--- EXCERPTED RECORDS Enclosed Below ---

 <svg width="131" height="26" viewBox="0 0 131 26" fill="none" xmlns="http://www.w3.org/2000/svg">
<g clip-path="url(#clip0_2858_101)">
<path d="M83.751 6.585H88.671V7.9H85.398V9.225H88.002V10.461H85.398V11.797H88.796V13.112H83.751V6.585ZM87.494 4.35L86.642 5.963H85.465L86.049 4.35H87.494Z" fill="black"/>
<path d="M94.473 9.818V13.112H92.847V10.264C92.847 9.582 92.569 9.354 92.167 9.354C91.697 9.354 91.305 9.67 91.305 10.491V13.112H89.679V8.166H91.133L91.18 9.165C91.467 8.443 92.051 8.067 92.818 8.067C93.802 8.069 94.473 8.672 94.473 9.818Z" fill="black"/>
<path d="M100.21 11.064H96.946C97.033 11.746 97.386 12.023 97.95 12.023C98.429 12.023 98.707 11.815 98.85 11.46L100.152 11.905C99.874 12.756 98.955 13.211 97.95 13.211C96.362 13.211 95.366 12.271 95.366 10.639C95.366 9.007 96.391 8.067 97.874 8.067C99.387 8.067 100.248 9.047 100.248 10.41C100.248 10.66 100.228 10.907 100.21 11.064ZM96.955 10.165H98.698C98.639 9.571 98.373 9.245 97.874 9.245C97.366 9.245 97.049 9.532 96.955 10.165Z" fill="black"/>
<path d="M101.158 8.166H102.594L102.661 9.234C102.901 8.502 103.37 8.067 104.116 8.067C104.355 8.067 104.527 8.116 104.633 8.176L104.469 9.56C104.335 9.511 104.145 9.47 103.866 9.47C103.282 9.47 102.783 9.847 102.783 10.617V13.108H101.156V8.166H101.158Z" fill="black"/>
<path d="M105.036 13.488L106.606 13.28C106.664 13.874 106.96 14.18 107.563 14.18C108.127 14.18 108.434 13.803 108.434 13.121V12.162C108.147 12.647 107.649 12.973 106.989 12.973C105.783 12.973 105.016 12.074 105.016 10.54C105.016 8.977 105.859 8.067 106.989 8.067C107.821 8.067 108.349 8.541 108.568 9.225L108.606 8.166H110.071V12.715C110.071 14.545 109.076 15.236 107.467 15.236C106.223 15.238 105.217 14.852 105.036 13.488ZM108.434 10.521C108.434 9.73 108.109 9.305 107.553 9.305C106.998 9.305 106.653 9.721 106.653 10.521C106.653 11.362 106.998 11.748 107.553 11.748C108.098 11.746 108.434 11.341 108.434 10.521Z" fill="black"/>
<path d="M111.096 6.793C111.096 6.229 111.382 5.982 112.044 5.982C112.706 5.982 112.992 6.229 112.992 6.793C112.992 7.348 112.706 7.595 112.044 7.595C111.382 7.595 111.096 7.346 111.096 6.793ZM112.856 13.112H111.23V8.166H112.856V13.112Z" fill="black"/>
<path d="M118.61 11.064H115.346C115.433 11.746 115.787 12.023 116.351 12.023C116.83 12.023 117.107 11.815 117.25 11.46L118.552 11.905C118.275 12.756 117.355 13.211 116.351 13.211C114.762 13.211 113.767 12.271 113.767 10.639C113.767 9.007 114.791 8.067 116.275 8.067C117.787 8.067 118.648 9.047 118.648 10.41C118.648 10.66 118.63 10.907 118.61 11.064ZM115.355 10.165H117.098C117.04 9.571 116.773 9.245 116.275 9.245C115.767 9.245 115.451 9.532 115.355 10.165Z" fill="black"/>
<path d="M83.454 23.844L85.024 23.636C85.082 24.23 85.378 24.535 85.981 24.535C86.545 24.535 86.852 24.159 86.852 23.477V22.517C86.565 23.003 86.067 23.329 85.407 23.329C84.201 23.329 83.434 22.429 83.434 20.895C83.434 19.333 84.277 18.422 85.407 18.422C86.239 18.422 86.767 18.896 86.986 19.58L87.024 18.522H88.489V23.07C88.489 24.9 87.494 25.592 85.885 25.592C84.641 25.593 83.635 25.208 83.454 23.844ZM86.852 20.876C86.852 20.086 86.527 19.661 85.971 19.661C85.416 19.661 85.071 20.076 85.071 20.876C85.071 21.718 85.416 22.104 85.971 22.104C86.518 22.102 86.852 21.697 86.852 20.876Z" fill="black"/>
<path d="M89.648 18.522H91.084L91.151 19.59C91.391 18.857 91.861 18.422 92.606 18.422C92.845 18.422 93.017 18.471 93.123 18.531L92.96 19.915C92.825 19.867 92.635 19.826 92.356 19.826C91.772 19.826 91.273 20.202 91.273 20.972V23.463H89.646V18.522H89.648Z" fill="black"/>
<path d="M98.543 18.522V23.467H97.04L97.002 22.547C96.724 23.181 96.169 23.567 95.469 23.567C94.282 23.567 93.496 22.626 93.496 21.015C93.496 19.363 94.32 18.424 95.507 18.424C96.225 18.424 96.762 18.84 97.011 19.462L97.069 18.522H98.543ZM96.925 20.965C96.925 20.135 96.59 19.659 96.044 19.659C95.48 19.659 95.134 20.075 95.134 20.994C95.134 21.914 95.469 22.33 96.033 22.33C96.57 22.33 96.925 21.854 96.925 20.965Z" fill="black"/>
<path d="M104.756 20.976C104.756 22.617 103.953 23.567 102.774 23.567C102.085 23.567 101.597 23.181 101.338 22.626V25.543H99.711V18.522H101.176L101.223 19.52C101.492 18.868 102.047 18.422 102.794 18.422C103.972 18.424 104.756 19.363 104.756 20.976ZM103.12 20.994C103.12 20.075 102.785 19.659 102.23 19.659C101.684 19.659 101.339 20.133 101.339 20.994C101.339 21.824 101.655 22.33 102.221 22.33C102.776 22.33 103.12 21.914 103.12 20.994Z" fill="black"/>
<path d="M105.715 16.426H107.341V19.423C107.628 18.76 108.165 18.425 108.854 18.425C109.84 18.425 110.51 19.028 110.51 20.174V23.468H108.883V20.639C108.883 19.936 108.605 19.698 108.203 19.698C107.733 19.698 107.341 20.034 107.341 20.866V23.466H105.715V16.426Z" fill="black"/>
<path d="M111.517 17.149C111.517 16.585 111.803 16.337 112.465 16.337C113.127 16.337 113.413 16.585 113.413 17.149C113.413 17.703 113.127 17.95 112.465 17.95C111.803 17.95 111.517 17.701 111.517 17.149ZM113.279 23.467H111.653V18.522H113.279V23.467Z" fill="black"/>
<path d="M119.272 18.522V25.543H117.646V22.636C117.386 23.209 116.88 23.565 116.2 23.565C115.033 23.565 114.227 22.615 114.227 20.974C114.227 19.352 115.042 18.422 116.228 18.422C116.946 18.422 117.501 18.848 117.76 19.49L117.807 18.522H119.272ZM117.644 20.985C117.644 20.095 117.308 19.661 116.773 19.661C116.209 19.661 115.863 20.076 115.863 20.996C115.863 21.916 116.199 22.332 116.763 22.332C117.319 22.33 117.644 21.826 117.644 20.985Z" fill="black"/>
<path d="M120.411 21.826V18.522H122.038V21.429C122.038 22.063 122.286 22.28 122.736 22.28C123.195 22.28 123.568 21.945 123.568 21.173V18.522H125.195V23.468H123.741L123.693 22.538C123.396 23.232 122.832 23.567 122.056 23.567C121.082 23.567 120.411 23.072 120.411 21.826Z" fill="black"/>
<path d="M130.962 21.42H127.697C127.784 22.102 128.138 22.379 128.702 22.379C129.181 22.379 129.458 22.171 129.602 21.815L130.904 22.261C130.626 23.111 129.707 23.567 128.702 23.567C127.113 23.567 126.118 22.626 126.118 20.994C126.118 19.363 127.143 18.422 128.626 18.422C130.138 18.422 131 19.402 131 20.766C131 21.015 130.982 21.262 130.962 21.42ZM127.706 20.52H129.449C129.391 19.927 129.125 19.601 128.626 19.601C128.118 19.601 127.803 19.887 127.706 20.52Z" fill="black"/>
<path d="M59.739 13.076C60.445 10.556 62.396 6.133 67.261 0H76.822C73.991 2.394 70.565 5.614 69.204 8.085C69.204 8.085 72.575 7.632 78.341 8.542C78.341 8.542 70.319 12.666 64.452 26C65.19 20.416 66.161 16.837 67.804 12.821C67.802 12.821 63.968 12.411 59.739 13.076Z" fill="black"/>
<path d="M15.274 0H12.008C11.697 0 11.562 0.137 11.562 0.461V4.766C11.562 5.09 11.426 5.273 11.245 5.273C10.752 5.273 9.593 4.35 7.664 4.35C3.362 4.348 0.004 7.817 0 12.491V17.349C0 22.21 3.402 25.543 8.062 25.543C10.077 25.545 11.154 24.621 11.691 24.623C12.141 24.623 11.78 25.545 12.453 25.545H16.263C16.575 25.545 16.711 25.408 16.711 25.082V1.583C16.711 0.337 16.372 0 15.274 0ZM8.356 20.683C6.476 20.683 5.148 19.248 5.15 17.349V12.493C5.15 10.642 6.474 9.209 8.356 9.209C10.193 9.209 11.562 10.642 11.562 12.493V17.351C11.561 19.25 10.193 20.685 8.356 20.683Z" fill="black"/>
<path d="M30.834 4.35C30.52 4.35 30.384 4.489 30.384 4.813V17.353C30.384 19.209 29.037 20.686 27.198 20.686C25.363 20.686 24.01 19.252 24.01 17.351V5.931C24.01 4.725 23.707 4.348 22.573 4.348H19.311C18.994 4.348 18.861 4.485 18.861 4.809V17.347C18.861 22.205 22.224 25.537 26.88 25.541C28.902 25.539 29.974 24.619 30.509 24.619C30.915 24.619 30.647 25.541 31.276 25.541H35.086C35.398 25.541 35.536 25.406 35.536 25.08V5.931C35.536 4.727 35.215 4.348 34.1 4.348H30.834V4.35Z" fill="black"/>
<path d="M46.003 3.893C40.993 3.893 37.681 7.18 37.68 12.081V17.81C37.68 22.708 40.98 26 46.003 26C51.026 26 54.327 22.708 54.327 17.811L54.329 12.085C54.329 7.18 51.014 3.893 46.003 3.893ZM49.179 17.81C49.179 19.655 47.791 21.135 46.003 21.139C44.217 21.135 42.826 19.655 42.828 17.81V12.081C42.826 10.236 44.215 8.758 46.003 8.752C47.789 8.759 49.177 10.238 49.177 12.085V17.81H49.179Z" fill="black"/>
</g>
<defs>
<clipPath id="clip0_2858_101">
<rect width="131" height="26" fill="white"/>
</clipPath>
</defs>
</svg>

--- End of Enclosed EXCERPTED RECORDS ---

Reproduce, with no other lines, the run of lines that begins with the one containing "21.42H127.697C127.784 22.102 128.138" and ends with the last line of the material.

<path d="M130.962 21.42H127.697C127.784 22.102 128.138 22.379 128.702 22.379C129.181 22.379 129.458 22.171 129.602 21.815L130.904 22.261C130.626 23.111 129.707 23.567 128.702 23.567C127.113 23.567 126.118 22.626 126.118 20.994C126.118 19.363 127.143 18.422 128.626 18.422C130.138 18.422 131 19.402 131 20.766C131 21.015 130.982 21.262 130.962 21.42ZM127.706 20.52H129.449C129.391 19.927 129.125 19.601 128.626 19.601C128.118 19.601 127.803 19.887 127.706 20.52Z" fill="black"/>
<path d="M59.739 13.076C60.445 10.556 62.396 6.133 67.261 0H76.822C73.991 2.394 70.565 5.614 69.204 8.085C69.204 8.085 72.575 7.632 78.341 8.542C78.341 8.542 70.319 12.666 64.452 26C65.19 20.416 66.161 16.837 67.804 12.821C67.802 12.821 63.968 12.411 59.739 13.076Z" fill="black"/>
<path d="M15.274 0H12.008C11.697 0 11.562 0.137 11.562 0.461V4.766C11.562 5.09 11.426 5.273 11.245 5.273C10.752 5.273 9.593 4.35 7.664 4.35C3.362 4.348 0.004 7.817 0 12.491V17.349C0 22.21 3.402 25.543 8.062 25.543C10.077 25.545 11.154 24.621 11.691 24.623C12.141 24.623 11.78 25.545 12.453 25.545H16.263C16.575 25.545 16.711 25.408 16.711 25.082V1.583C16.711 0.337 16.372 0 15.274 0ZM8.356 20.683C6.476 20.683 5.148 19.248 5.15 17.349V12.493C5.15 10.642 6.474 9.209 8.356 9.209C10.193 9.209 11.562 10.642 11.562 12.493V17.351C11.561 19.25 10.193 20.685 8.356 20.683Z" fill="black"/>
<path d="M30.834 4.35C30.52 4.35 30.384 4.489 30.384 4.813V17.353C30.384 19.209 29.037 20.686 27.198 20.686C25.363 20.686 24.01 19.252 24.01 17.351V5.931C24.01 4.725 23.707 4.348 22.573 4.348H19.311C18.994 4.348 18.861 4.485 18.861 4.809V17.347C18.861 22.205 22.224 25.537 26.88 25.541C28.902 25.539 29.974 24.619 30.509 24.619C30.915 24.619 30.647 25.541 31.276 25.541H35.086C35.398 25.541 35.536 25.406 35.536 25.08V5.931C35.536 4.727 35.215 4.348 34.1 4.348H30.834V4.35Z" fill="black"/>
<path d="M46.003 3.893C40.993 3.893 37.681 7.18 37.68 12.081V17.81C37.68 22.708 40.98 26 46.003 26C51.026 26 54.327 22.708 54.327 17.811L54.329 12.085C54.329 7.18 51.014 3.893 46.003 3.893ZM49.179 17.81C49.179 19.655 47.791 21.135 46.003 21.139C44.217 21.135 42.826 19.655 42.828 17.81V12.081C42.826 10.236 44.215 8.758 46.003 8.752C47.789 8.759 49.177 10.238 49.177 12.085V17.81H49.179Z" fill="black"/>
</g>
<defs>
<clipPath id="clip0_2858_101">
<rect width="131" height="26" fill="white"/>
</clipPath>
</defs>
</svg>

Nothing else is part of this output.